Integrating performance analysis in JupyterLab for OpenMP and MPI
Klaus Nölp, Lena Oden, FernUniversität in Hagen
Jupyter Notebooks are used for programming in Python or R for machine learning and data analysis. However, with the xeus-cling C++ kernel, they can also be used for parallel programming in MPI and OpenMP. This environment is very suitable for teaching, as students can quickly test and try out functions. Furthermore, the interactive use of the environment is also well suited for the initial testing and prototyping of new algorithms. Despite that, the interpretation of C/C++ code is not suitable for analyzing performance. For this reason, we have developed JUMPED (Jupyter Measurement and Performance Environment for Development)*,* which offers options for performance analysis within JupyterLab and compiles and directly executes the previously interpreted code. On the one hand, setting simple markers in the code enables the automated execution of benchmarks and scalability tests directly in JupyterLab. On the other hand, the integration of performance tools, such as Score-P in our example, allows a deeper analysis of parallel performance. The results are visualized directly in JupyterLab and can thus be displayed together with the code. A case study evaluating the interaction between compression and MPI will demonstrate how JUMPED can be used.
pytest-isolate-mpi: Towards modern testing of MPI-parallel HPC applications
Sebastian Gottfried, Jordan Lavialle, Immo Huismann, German Aerospace Center (DLR)

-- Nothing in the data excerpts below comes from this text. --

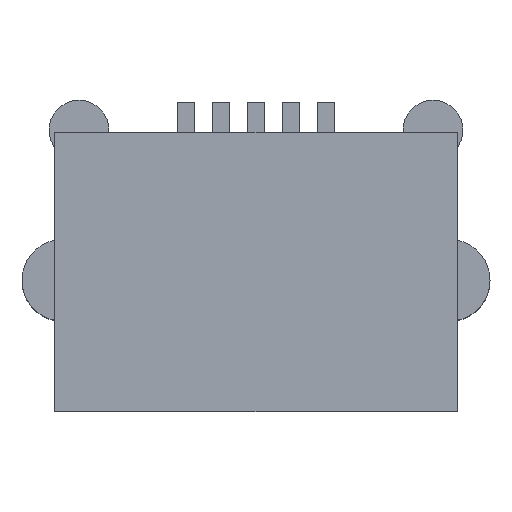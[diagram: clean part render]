
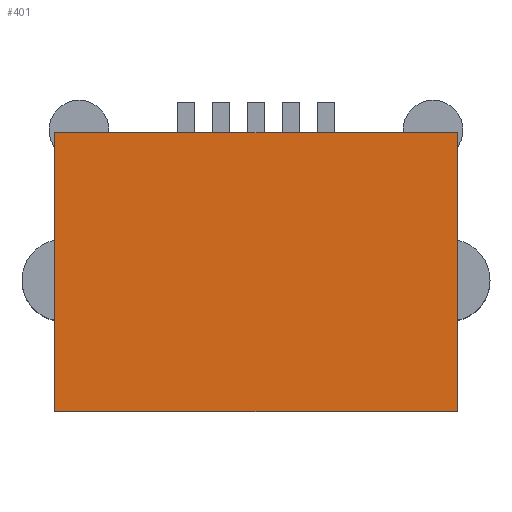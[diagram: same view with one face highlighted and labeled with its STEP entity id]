
A CAD part, top view. The second image highlights one B-rep face of the part: STEP entity #401.
In plain terms, the highlighted planar face has unit normal (0, 0, 1).
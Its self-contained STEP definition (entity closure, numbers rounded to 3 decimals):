
#87 = VERTEX_POINT('',#88);
#88 = CARTESIAN_POINT('',(-3.75,-2.45,2.18));
#95 = PLANE('',#96);
#96 = AXIS2_PLACEMENT_3D('',#97,#98,#99);
#97 = CARTESIAN_POINT('',(-3.75,-2.45,0.));
#98 = DIRECTION('',(0.,1.,0.));
#99 = DIRECTION('',(1.,0.,0.));
#107 = PLANE('',#108);
#108 = AXIS2_PLACEMENT_3D('',#109,#110,#111);
#109 = CARTESIAN_POINT('',(-3.75,2.751,0.));
#110 = DIRECTION('',(1.,0.,-0.));
#111 = DIRECTION('',(0.,-1.,0.));
#119 = EDGE_CURVE('',#87,#120,#122,.T.);
#120 = VERTEX_POINT('',#121);
#121 = CARTESIAN_POINT('',(3.75,-2.45,2.18));
#122 = SURFACE_CURVE('',#123,(#127,#134),.PCURVE_S1.);
#123 = LINE('',#124,#125);
#124 = CARTESIAN_POINT('',(-3.75,-2.45,2.18));
#125 = VECTOR('',#126,1.);
#126 = DIRECTION('',(1.,0.,0.));
#127 = PCURVE('',#95,#128);
#128 = DEFINITIONAL_REPRESENTATION('',(#129),#133);
#129 = LINE('',#130,#131);
#130 = CARTESIAN_POINT('',(0.,-2.18));
#131 = VECTOR('',#132,1.);
#132 = DIRECTION('',(1.,0.));
#133 = ( GEOMETRIC_REPRESENTATION_CONTEXT(2) 
PARAMETRIC_REPRESENTATION_CONTEXT() REPRESENTATION_CONTEXT('2D SPACE',''
  ) );
#134 = PCURVE('',#135,#140);
#135 = PLANE('',#136);
#136 = AXIS2_PLACEMENT_3D('',#137,#138,#139);
#137 = CARTESIAN_POINT('',(0.,0.151,2.18));
#138 = DIRECTION('',(0.,0.,1.));
#139 = DIRECTION('',(0.,1.,0.));
#140 = DEFINITIONAL_REPRESENTATION('',(#141),#145);
#141 = LINE('',#142,#143);
#142 = CARTESIAN_POINT('',(-2.601,3.75));
#143 = VECTOR('',#144,1.);
#144 = DIRECTION('',(0.,-1.));
#145 = ( GEOMETRIC_REPRESENTATION_CONTEXT(2) 
PARAMETRIC_REPRESENTATION_CONTEXT() REPRESENTATION_CONTEXT('2D SPACE',''
  ) );
#163 = PLANE('',#164);
#164 = AXIS2_PLACEMENT_3D('',#165,#166,#167);
#165 = CARTESIAN_POINT('',(3.75,-2.45,0.));
#166 = DIRECTION('',(-1.,0.,0.));
#167 = DIRECTION('',(0.,1.,0.));
#205 = EDGE_CURVE('',#120,#206,#208,.T.);
#206 = VERTEX_POINT('',#207);
#207 = CARTESIAN_POINT('',(3.75,2.751,2.18));
#208 = SURFACE_CURVE('',#209,(#213,#220),.PCURVE_S1.);
#209 = LINE('',#210,#211);
#210 = CARTESIAN_POINT('',(3.75,-2.45,2.18));
#211 = VECTOR('',#212,1.);
#212 = DIRECTION('',(0.,1.,0.));
#213 = PCURVE('',#163,#214);
#214 = DEFINITIONAL_REPRESENTATION('',(#215),#219);
#215 = LINE('',#216,#217);
#216 = CARTESIAN_POINT('',(0.,-2.18));
#217 = VECTOR('',#218,1.);
#218 = DIRECTION('',(1.,0.));
#219 = ( GEOMETRIC_REPRESENTATION_CONTEXT(2) 
PARAMETRIC_REPRESENTATION_CONTEXT() REPRESENTATION_CONTEXT('2D SPACE',''
  ) );
#220 = PCURVE('',#135,#221);
#221 = DEFINITIONAL_REPRESENTATION('',(#222),#226);
#222 = LINE('',#223,#224);
#223 = CARTESIAN_POINT('',(-2.601,-3.75));
#224 = VECTOR('',#225,1.);
#225 = DIRECTION('',(1.,0.));
#226 = ( GEOMETRIC_REPRESENTATION_CONTEXT(2) 
PARAMETRIC_REPRESENTATION_CONTEXT() REPRESENTATION_CONTEXT('2D SPACE',''
  ) );
#244 = PLANE('',#245);
#245 = AXIS2_PLACEMENT_3D('',#246,#247,#248);
#246 = CARTESIAN_POINT('',(3.75,2.751,0.));
#247 = DIRECTION('',(0.,-1.,0.));
#248 = DIRECTION('',(-1.,0.,0.));
#281 = EDGE_CURVE('',#206,#282,#284,.T.);
#282 = VERTEX_POINT('',#283);
#283 = CARTESIAN_POINT('',(-3.75,2.751,2.18));
#284 = SURFACE_CURVE('',#285,(#289,#296),.PCURVE_S1.);
#285 = LINE('',#286,#287);
#286 = CARTESIAN_POINT('',(3.75,2.751,2.18));
#287 = VECTOR('',#288,1.);
#288 = DIRECTION('',(-1.,0.,0.));
#289 = PCURVE('',#244,#290);
#290 = DEFINITIONAL_REPRESENTATION('',(#291),#295);
#291 = LINE('',#292,#293);
#292 = CARTESIAN_POINT('',(0.,-2.18));
#293 = VECTOR('',#294,1.);
#294 = DIRECTION('',(1.,0.));
#295 = ( GEOMETRIC_REPRESENTATION_CONTEXT(2) 
PARAMETRIC_REPRESENTATION_CONTEXT() REPRESENTATION_CONTEXT('2D SPACE',''
  ) );
#296 = PCURVE('',#135,#297);
#297 = DEFINITIONAL_REPRESENTATION('',(#298),#302);
#298 = LINE('',#299,#300);
#299 = CARTESIAN_POINT('',(2.601,-3.75));
#300 = VECTOR('',#301,1.);
#301 = DIRECTION('',(0.,1.));
#302 = ( GEOMETRIC_REPRESENTATION_CONTEXT(2) 
PARAMETRIC_REPRESENTATION_CONTEXT() REPRESENTATION_CONTEXT('2D SPACE',''
  ) );
#352 = EDGE_CURVE('',#282,#87,#353,.T.);
#353 = SURFACE_CURVE('',#354,(#358,#365),.PCURVE_S1.);
#354 = LINE('',#355,#356);
#355 = CARTESIAN_POINT('',(-3.75,2.751,2.18));
#356 = VECTOR('',#357,1.);
#357 = DIRECTION('',(0.,-1.,0.));
#358 = PCURVE('',#107,#359);
#359 = DEFINITIONAL_REPRESENTATION('',(#360),#364);
#360 = LINE('',#361,#362);
#361 = CARTESIAN_POINT('',(0.,-2.18));
#362 = VECTOR('',#363,1.);
#363 = DIRECTION('',(1.,0.));
#364 = ( GEOMETRIC_REPRESENTATION_CONTEXT(2) 
PARAMETRIC_REPRESENTATION_CONTEXT() REPRESENTATION_CONTEXT('2D SPACE',''
  ) );
#365 = PCURVE('',#135,#366);
#366 = DEFINITIONAL_REPRESENTATION('',(#367),#371);
#367 = LINE('',#368,#369);
#368 = CARTESIAN_POINT('',(2.601,3.75));
#369 = VECTOR('',#370,1.);
#370 = DIRECTION('',(-1.,0.));
#371 = ( GEOMETRIC_REPRESENTATION_CONTEXT(2) 
PARAMETRIC_REPRESENTATION_CONTEXT() REPRESENTATION_CONTEXT('2D SPACE',''
  ) );
#401 = ADVANCED_FACE('',(#402),#135,.T.);
#402 = FACE_BOUND('',#403,.T.);
#403 = EDGE_LOOP('',(#404,#405,#406,#407));
#404 = ORIENTED_EDGE('',*,*,#119,.T.);
#405 = ORIENTED_EDGE('',*,*,#205,.T.);
#406 = ORIENTED_EDGE('',*,*,#281,.T.);
#407 = ORIENTED_EDGE('',*,*,#352,.T.);

Simulations are getting more complex; simulating with one code sufficed at the start of the century, modern simulations are multi-disciplinary. For instance aircraft are now being devised using multi-disciplinary optimization coupling Computational Fluid Dynamics codes with Computational Structure Mechanics. The resulting toolchains often couple welloptimized C/C++/Fortran codes using Python as glue code, as e.g. done in the FlowSimulator environment [1]. While the compute kernels of each discipline are typically tested with frameworks suited for the language, their Python glue code requires testing as well. However, the complexity inherited by each code needs to be taken into account: deadlocks, segfaults and MPI_Abort are typically not handled by unit testing frameworks, either fully precluding their usage or requiring the user to rely on exit codes of separate run scripts. This paper proposes an extension to pytest that handles these cases gracefully: pytest-isolate-mpi . By running each test in separate processes, deadlocks, segfaults, and MPI_Abort can be handled gracefully, while keeping the benefits of pytest , e.g. idiomatic test syntax and advanced test parametrization. Usage examples are presented, cornercases discussed, and ongoing extensions shown.